I started a new job a little over a month ago. The position is at a property management company, where I travel to different buildings within the tri-state area to help leads prospective residents into apartments and plan events for current residents! Yesterday I was in Jersey City and at lunch, I took a walk along the waterfront overlooking downtown Manhattan to have some quiet time.

Every time I spend time with God, I ask him to teach me something new or maybe remind me of something I’ve forgotten. I often feel that most things I hear are things I have heard before, but they are received differently based on context, the state of my heart, what season I am in, and how mature I am.

Yesterday I just sat on a bench in solitude. No headphones, my notebook tucked away (but at the ready because you never know when you’ll have a notebook emergency). I kept staring at the Freedom Tower, completely zoned out. I’ve lived in New York for almost 8 years, jaded by the skyline, but suddenly I started to remember how the World Trade Center was built. 

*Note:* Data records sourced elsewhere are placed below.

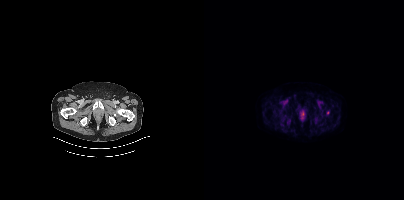
Coordinates are on the 200×200 PET (right) panel. Small PSMA-avid focus (2 to 4 px across) near (center x, center y): (124, 112).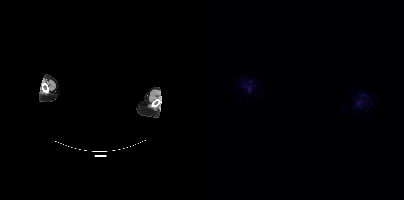
The face region was removed for patient privacy by blanking a rectangle over the head. Left: CT. Right: PSMA PET, same axial level, 18F tracer. Slice 448 of 462. This slice has no annotated PSMA-avid lesion.
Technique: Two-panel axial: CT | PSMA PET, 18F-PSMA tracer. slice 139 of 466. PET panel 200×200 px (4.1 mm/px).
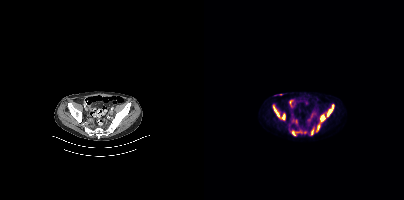
Findings: Coordinates are on the 200×200 PET (right) panel. PSMA-avid tumor lesion bounding boxes (x, y, width, height): x=68 y=104 w=14 h=17 | x=123 y=104 w=8 h=13 | x=116 y=114 w=6 h=8 | x=88 y=131 w=4 h=5 | x=113 y=125 w=3 h=5 | x=107 y=130 w=3 h=5.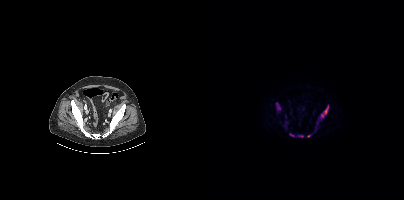
Coordinates are on the 200×200 PET (right) panel. (showing 5 of 7 foci) PSMA-avid tumor lesion bounding boxes (x0,y0,x1,y1): [113,104,125,124] [72,102,76,110] [93,135,99,137] [85,133,90,136] [103,134,107,137].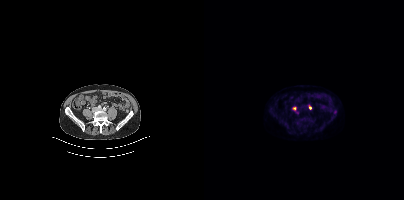
modality: PSMA PET/CT | tracer: 18F | view: axial
Coordinates are on the 200×200 PET (right) panel. (showing 2 of 3 foci) Small PSMA-avid foci (2 to 4 px across) near (center x, center y): (106, 107); (90, 108).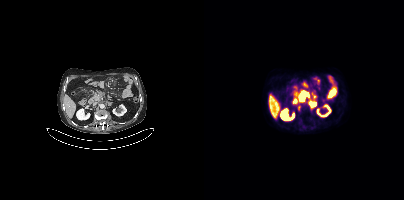
{"modality":"PSMA PET/CT","view":"axial","tracer":"18F","pet_grid":[200,200],"coord_frame":"pet_panel","coord_format":"x0,y0,x1,y1","partial":true,"lesion_bboxes":[[94,91,104,101],[105,101,112,107],[94,106,96,110]],"small_foci_centers":[[110,96]]}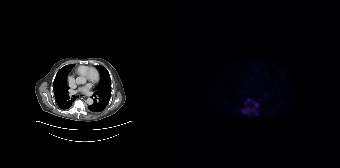
Paired axial CT (left) and PSMA PET (right), 18F-PSMA tracer. Acquired on Siemens Biograph 64-4R TruePoint.
Coordinates are on the 168×168 PET (right) panel. PSMA-avid tumor lesion bounding boxes (partial; 3 more foci not listed):
| # | x0 | y0 | x1 | y1 |
|---|---|---|---|---|
| 1 | 70 | 111 | 74 | 112 |
Small PSMA-avid foci (2 to 4 px across) near (center x, center y): (84, 104); (76, 109); (76, 99).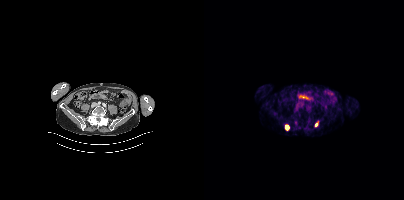
Findings: Coordinates are on the 200×200 PET (right) panel. PSMA-avid tumor lesion bounding box (x0,y0,x1,y1): [81,124,85,130]. Small PSMA-avid focus (2 to 4 px across) near (center x, center y): (112, 124).
- Left: CT. Right: PSMA PET, same axial level, [18F]PSMA-1007 tracer
- slice 146 of 427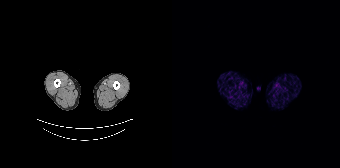
No tumor lesions annotated on this slice.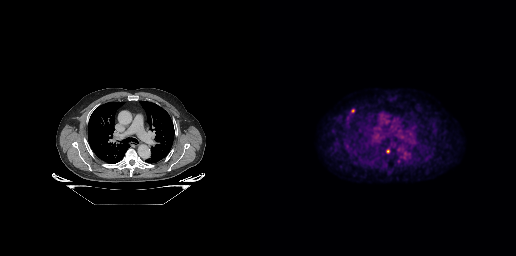
Coordinates are on the 256×256 PET (right) panel. Small PSMA-avid foci (2 to 4 px across) near (center x, center y): (92, 110), (127, 151).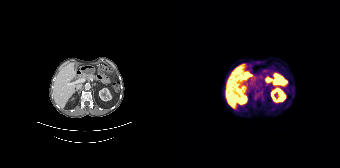
Findings: Coordinates are on the 168×168 PET (right) panel. Small PSMA-avid focus (2 to 4 px across) near (center x, center y): (83, 95).
- Left: CT. Right: PSMA PET, same axial level, [68Ga]Ga-PSMA-11 tracer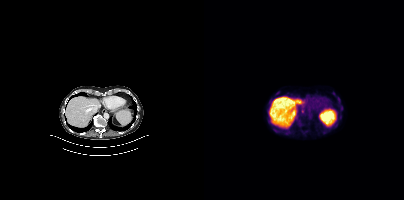
Findings: Coordinates are on the 200×200 PET (right) panel. Small PSMA-avid foci (2 to 4 px across) near (center x, center y): (98, 110) | (73, 92) | (129, 93).
Technique: Paired axial CT (left) and PSMA PET (right), 18F tracer. PET panel 200×200 px (4.1 mm/px).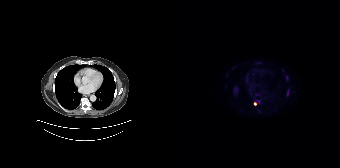
{"pet_grid":[168,168],"coord_frame":"pet_panel","coord_format":"x0,y0,x1,y1","partial":true,"lesion_bboxes":[[81,100,87,105],[114,90,117,95]],"small_foci_centers":[[114,77]],"modality":"PSMA PET/CT","view":"axial","tracer":"[18F]PSMA-1007"}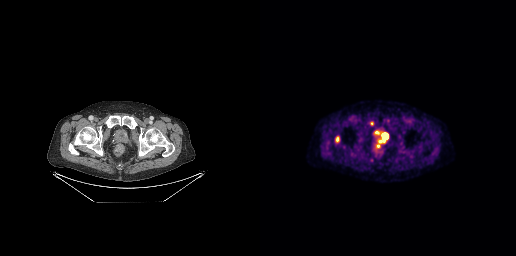
Coordinates are on the 256×256 PET (right) panel. PSMA-avid tumor lesion bounding boxes (x, y, width, height): x=123 y=133 w=5 h=6 / x=76 y=137 w=4 h=5 / x=110 y=121 w=4 h=5 / x=118 y=140 w=7 h=3. Small PSMA-avid focus (2 to 4 px across) near (center x, center y): (118, 145). Paired axial CT (left) and PSMA PET (right), 18F tracer. Slice position z = -837 mm. PET panel 256×256 px (2.7 mm/px).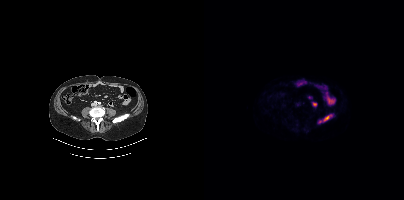
Coordinates are on the 200×200 PET (right) panel. PSMA-avid tumor lesion bounding box (x, y, width, height): x=120 y=114 w=9 h=7. Small PSMA-avid focus (2 to 4 px across) near (center x, center y): (116, 121).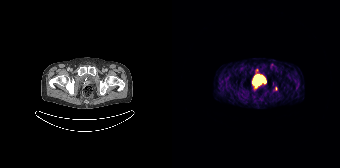
Technique: Paired axial CT (left) and PSMA PET (right), 68Ga-PSMA tracer. slice position z = -1388 mm. PET panel 168×168 px (4.1 mm/px).
Findings: Only PSMA-avid lesion pieces thinner than 2 px on this slice (not listed).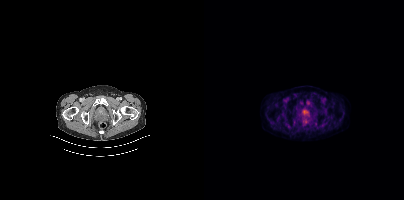
Findings: Coordinates are on the 200×200 PET (right) panel. PSMA-avid tumor lesion bounding box (x0, y0)-(x1, y1): (99, 110)-(104, 114).
- Two-panel axial: CT | PSMA PET, 18F-PSMA tracer
- PET panel 200×200 px (4.1 mm/px)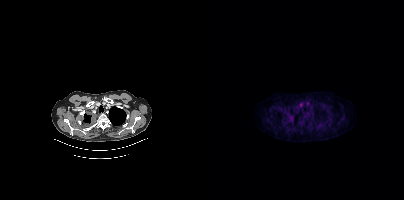
This slice has no annotated PSMA-avid lesion. Two-panel axial: CT | PSMA PET, 18F-PSMA tracer.
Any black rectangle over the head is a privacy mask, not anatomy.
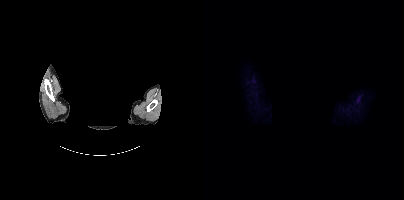
No tumor lesions annotated on this slice.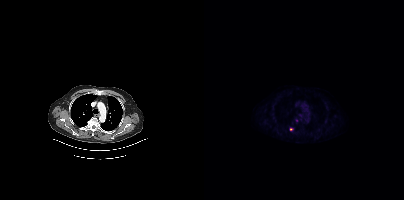
{"modality":"PSMA PET/CT","view":"axial","tracer":"18F-PSMA","pet_grid":[200,200],"coord_frame":"pet_panel","coord_format":"x0,y0,x1,y1","lesion_bboxes":[],"small_foci_centers":[[87,129]]}
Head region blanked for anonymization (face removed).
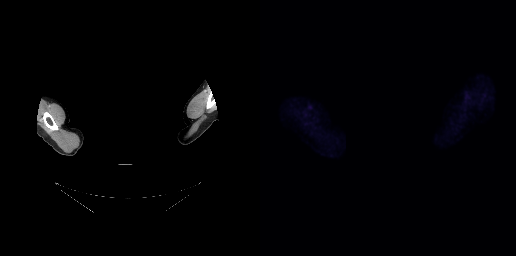
Negative for PSMA-avid disease on this slice.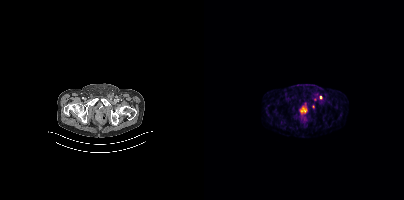
Coordinates are on the 200×200 PET (right) panel. Small PSMA-avid foci (2 to 4 px across) near (center x, center y): (117, 97); (109, 106). Two-panel axial: CT | PSMA PET, [68Ga]Ga-PSMA-11 tracer. Acquired on Siemens Biograph mCT Flow 20. PET panel 200×200 px (4.1 mm/px).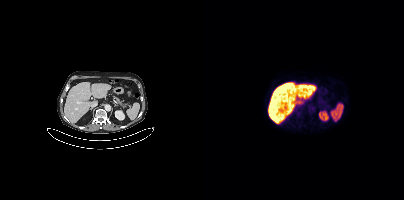
No tumor lesions annotated on this slice. Paired axial CT (left) and PSMA PET (right), [18F]PSMA-1007 tracer. PET panel 200×200 px (4.1 mm/px).
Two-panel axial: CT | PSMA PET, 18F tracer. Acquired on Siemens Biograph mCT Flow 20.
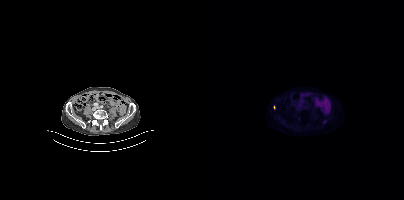
Coordinates are on the 200×200 PET (right) panel. (showing 1 of 2 foci) Small PSMA-avid focus (2 to 4 px across) near (center x, center y): (120, 121).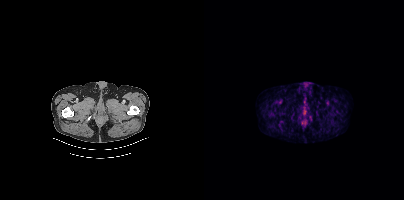
Technique: Left: CT. Right: PSMA PET, same axial level, 18F tracer.
Findings: This slice has no annotated PSMA-avid lesion.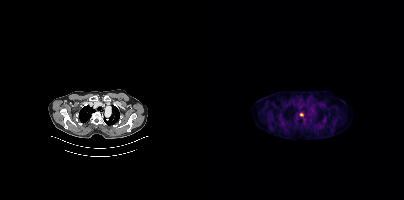
{"pet_grid":[200,200],"coord_frame":"pet_panel","coord_format":"x0,y0,x1,y1","lesion_bboxes":[],"small_foci_centers":[[97,114]],"modality":"PSMA PET/CT","view":"axial","tracer":"18F"}
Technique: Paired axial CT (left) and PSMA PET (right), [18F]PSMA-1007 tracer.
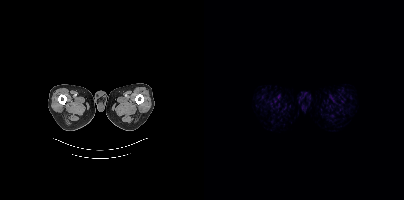
Findings: No PSMA-avid tumor lesions on this slice.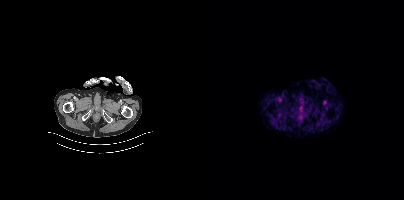
No PSMA-avid tumor lesions on this slice.
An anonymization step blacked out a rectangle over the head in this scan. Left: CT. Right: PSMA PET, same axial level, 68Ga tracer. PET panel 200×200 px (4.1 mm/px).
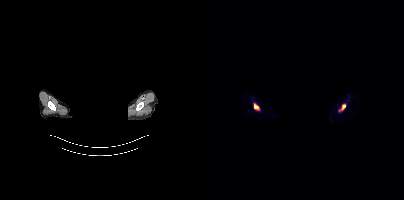
Coordinates are on the 200×200 PET (right) panel. PSMA-avid tumor lesion bounding boxes (x, y, width, height): x=134 y=104 w=8 h=8 | x=50 y=103 w=6 h=7.
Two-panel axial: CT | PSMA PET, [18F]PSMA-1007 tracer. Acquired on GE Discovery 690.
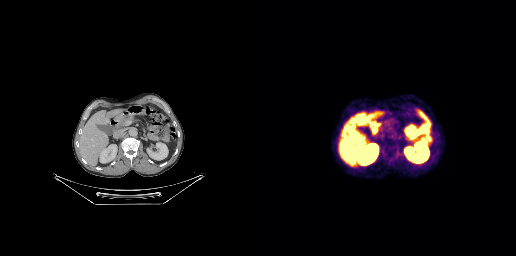
No PSMA-avid tumor lesions on this slice.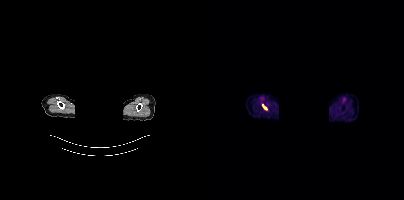
Technique: Two-panel axial: CT | PSMA PET, 18F tracer. slice 361 of 397. PET panel 200×200 px (4.1 mm/px).
Note: Face de-identified by blanking a block of the head.
Findings: Coordinates are on the 200×200 PET (right) panel. Small PSMA-avid focus (2 to 4 px across) near (center x, center y): (59, 106).
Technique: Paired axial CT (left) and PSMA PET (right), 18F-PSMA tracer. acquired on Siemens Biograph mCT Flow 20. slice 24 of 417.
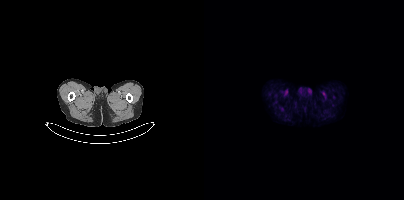
Findings: This slice has no annotated PSMA-avid lesion.
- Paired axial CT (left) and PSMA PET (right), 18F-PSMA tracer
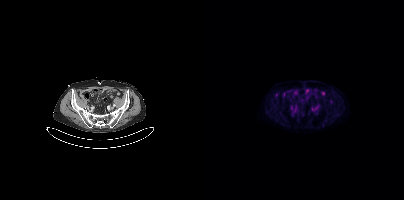
Findings: No tumor lesions annotated on this slice.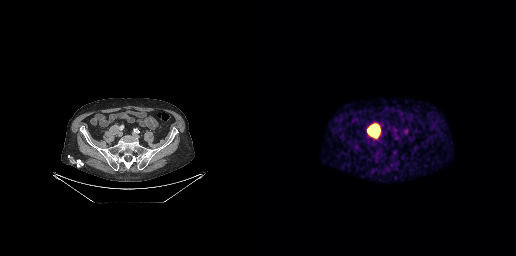
Findings: Coordinates are on the 256×256 PET (right) panel. PSMA-avid tumor lesion bounding box (x0, y0)-(x1, y1): (109, 126)-(118, 134).
- Two-panel axial: CT | PSMA PET, 68Ga-PSMA tracer
- slice position z = -700 mm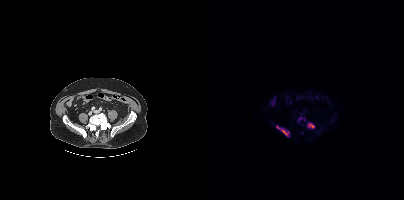
modality: PSMA PET/CT | tracer: [18F]PSMA-1007 | view: axial | PET grid: 200×200
Coordinates are on the 200×200 PET (right) panel. PSMA-avid tumor lesion bounding boxes (x, y, width, height): x=72 y=126 w=13 h=10 | x=104 y=123 w=7 h=5. Small PSMA-avid foci (2 to 4 px across) near (center x, center y): (68, 123) | (98, 132).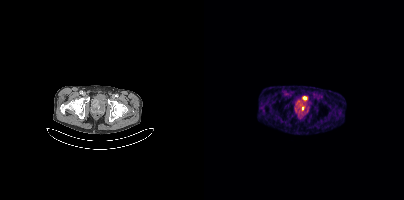
This slice has no annotated PSMA-avid lesion.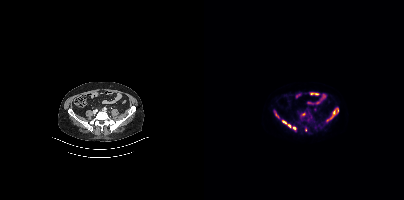
Coordinates are on the 200×200 PET (right) panel. (showing 6 of 8 foci) PSMA-avid tumor lesion bounding boxes (x, y, width, height): x=126 y=108 w=9 h=11; x=78 y=120 w=5 h=5. Small PSMA-avid foci (2 to 4 px across) near (center x, center y): (85, 125); (90, 128); (101, 129); (99, 114).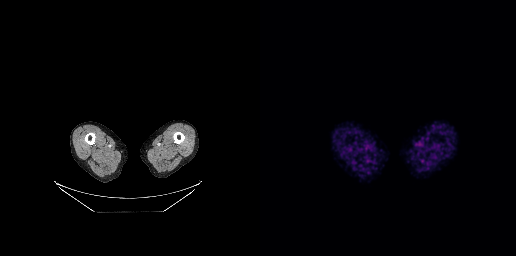
modality: PSMA PET/CT | tracer: 68Ga | view: axial | PET grid: 256×256
No PSMA-avid tumor lesions on this slice.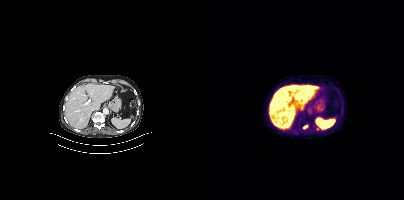
Technique: Left: CT. Right: PSMA PET, same axial level, 18F-PSMA tracer. slice position z = -1164 mm.
Findings: Coordinates are on the 200×200 PET (right) panel. Small PSMA-avid foci (2 to 4 px across) near (center x, center y): (101, 127); (114, 128).
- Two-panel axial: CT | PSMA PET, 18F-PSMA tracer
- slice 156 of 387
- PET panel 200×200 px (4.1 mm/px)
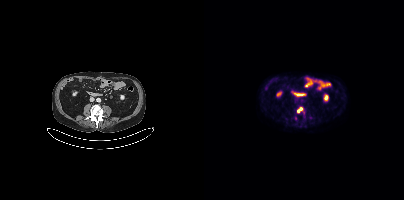
Findings: Coordinates are on the 200×200 PET (right) panel. PSMA-avid tumor lesion bounding box (x0, y0)-(x1, y1): (93, 107)-(98, 112). Small PSMA-avid focus (2 to 4 px across) near (center x, center y): (106, 117).
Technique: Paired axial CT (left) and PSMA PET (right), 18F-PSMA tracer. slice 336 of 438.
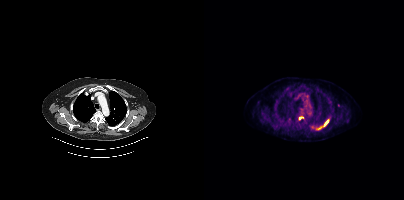
Findings: Coordinates are on the 200×200 PET (right) panel. PSMA-avid tumor lesion bounding boxes (x0,y0,x1,y1): [108,125,118,130]; [120,120,124,126]. Small PSMA-avid foci (2 to 4 px across) near (center x, center y): (134, 105); (95, 118).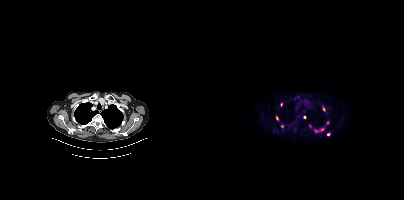
Two-panel axial: CT | PSMA PET, [68Ga]Ga-PSMA-11 tracer. PET panel 200×200 px (4.1 mm/px).
Coordinates are on the 200×200 PET (right) panel. PSMA-avid tumor lesion bounding boxes:
| # | x0 | y0 | x1 | y1 |
|---|---|---|---|---|
| 1 | 118 | 107 | 121 | 111 |
Small PSMA-avid foci (2 to 4 px across) near (center x, center y): (117, 129); (73, 117); (100, 117); (112, 131); (124, 134); (94, 97); (123, 122); (77, 104); (78, 126); (90, 98); (105, 125).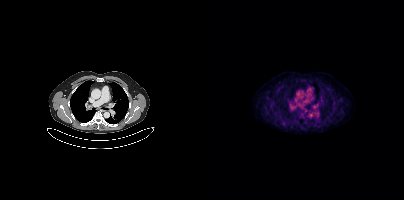
- Paired axial CT (left) and PSMA PET (right), [18F]PSMA-1007 tracer
Findings: Coordinates are on the 200×200 PET (right) panel. Small PSMA-avid focus (2 to 4 px across) near (center x, center y): (79, 123).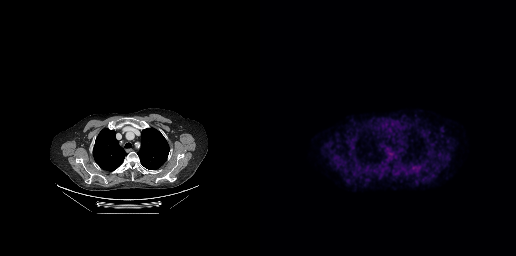
{"modality":"PSMA PET/CT","view":"axial","tracer":"18F-PSMA","pet_grid":[256,256],"coord_frame":"pet_panel","coord_format":"x0,y0,x1,y1","psma_avid_lesions":false}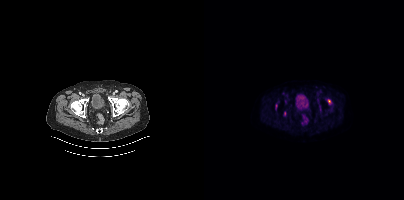
- Two-panel axial: CT | PSMA PET, 18F tracer
- acquired on Siemens Biograph mCT Flow 20
Findings: Coordinates are on the 200×200 PET (right) panel. PSMA-avid tumor lesion bounding box (x0, y0)-(x1, y1): (124, 99)-(126, 103). Small PSMA-avid foci (2 to 4 px across) near (center x, center y): (80, 113); (72, 105).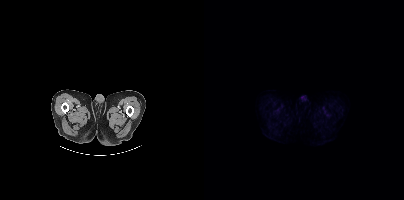
This slice has no annotated PSMA-avid lesion.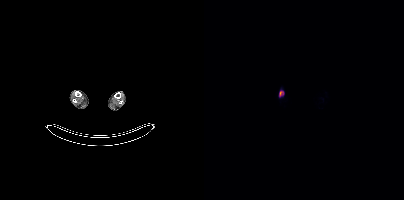
{"pet_grid":[200,200],"coord_frame":"pet_panel","coord_format":"x0,y0,x1,y1","lesion_bboxes":[[75,91,79,96]],"modality":"PSMA PET/CT","view":"axial","tracer":"18F-PSMA"}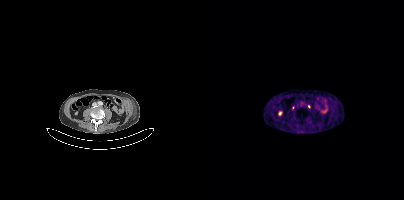
{"modality":"PSMA PET/CT","view":"axial","tracer":"68Ga","pet_grid":[200,200],"coord_frame":"pet_panel","coord_format":"x0,y0,x1,y1","psma_avid_lesions":false}
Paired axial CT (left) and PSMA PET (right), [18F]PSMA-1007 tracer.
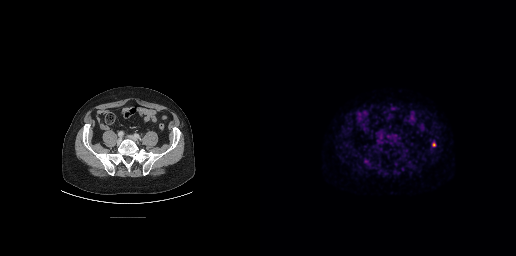
Coordinates are on the 256×256 PET (right) panel. PSMA-avid tumor lesion bounding boxes:
| # | x0 | y0 | x1 | y1 |
|---|---|---|---|---|
| 1 | 172 | 141 | 176 | 146 |
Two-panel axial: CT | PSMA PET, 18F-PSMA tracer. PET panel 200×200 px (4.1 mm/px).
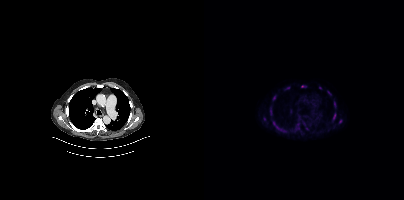
Coordinates are on the 200×200 PET (right) panel. PSMA-avid tumor lesion bounding boxes (partial; 2 more foci not listed):
| # | x0 | y0 | x1 | y1 |
|---|---|---|---|---|
| 1 | 69 | 121 | 77 | 129 |
| 2 | 128 | 113 | 132 | 121 |
| 3 | 66 | 108 | 68 | 115 |
| 4 | 69 | 96 | 71 | 100 |
| 5 | 123 | 91 | 127 | 94 |
| 6 | 130 | 102 | 131 | 106 |
Small PSMA-avid foci (2 to 4 px across) near (center x, center y): (98, 86); (136, 121); (60, 119); (116, 87); (94, 124); (84, 87); (102, 128).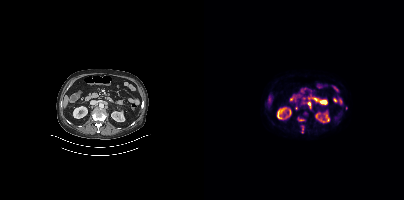
Coordinates are on the 200×200 PET (right) panel. (showing 1 of 3 foci) Small PSMA-avid focus (2 to 4 px across) near (center x, center y): (105, 103).
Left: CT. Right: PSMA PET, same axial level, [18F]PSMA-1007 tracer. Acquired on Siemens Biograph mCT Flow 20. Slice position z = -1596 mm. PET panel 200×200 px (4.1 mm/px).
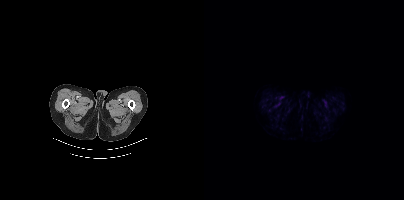
This slice has no annotated PSMA-avid lesion.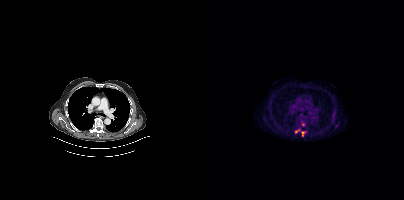
modality: PSMA PET/CT | tracer: 18F | view: axial | PET grid: 200×200
Coordinates are on the 200×200 PET (right) panel. (showing 2 of 4 foci) PSMA-avid tumor lesion bounding box (x0,y0,x1,y1): [91,129,95,132]. Small PSMA-avid focus (2 to 4 px across) near (center x, center y): (98, 132).

The space had been unoccupied for years. City planners, government officials, and citizens alike all had something to say with how to plan out the space. It took almost 10 years to plan and build a foundation for something so symbolic, so iconic, something to stand the test of time.  It wasn’t until 2009 that the foundation was finished and construction began expanding to more than just the building itself. 

I left New York for 7 months to live in London in late 2011. By then the construction of One World Trade was barely visible- not more than 200 ft above sea level (for New York skyscraper standards, this is invisible). When I came back in 2012, it was as if the entire skyline had changed. I could see the building from miles away. One World Trade was designed to be a symbol, a hub and a place for everyone for generations to enjoy. 

When a solid foundation is formed, there’s no telling how quickly the rest of the construction will go. It was just a matter of a few months and one building completely transformed the way Downtown Manhattan looked.

One World Trade from Jersey City Waterfront

I need to continually remind myself that laying a strong foundation is the key to creating and designing something built to stand the test of time. And even when I think is going slow, that’s okay. The best foundations are laid so carefully that when it’s really time work on the rest of the construction, it goes smoothly and quickly. And even when hiccups arise, the firm foundation accounts for that, and construction will be able to resume.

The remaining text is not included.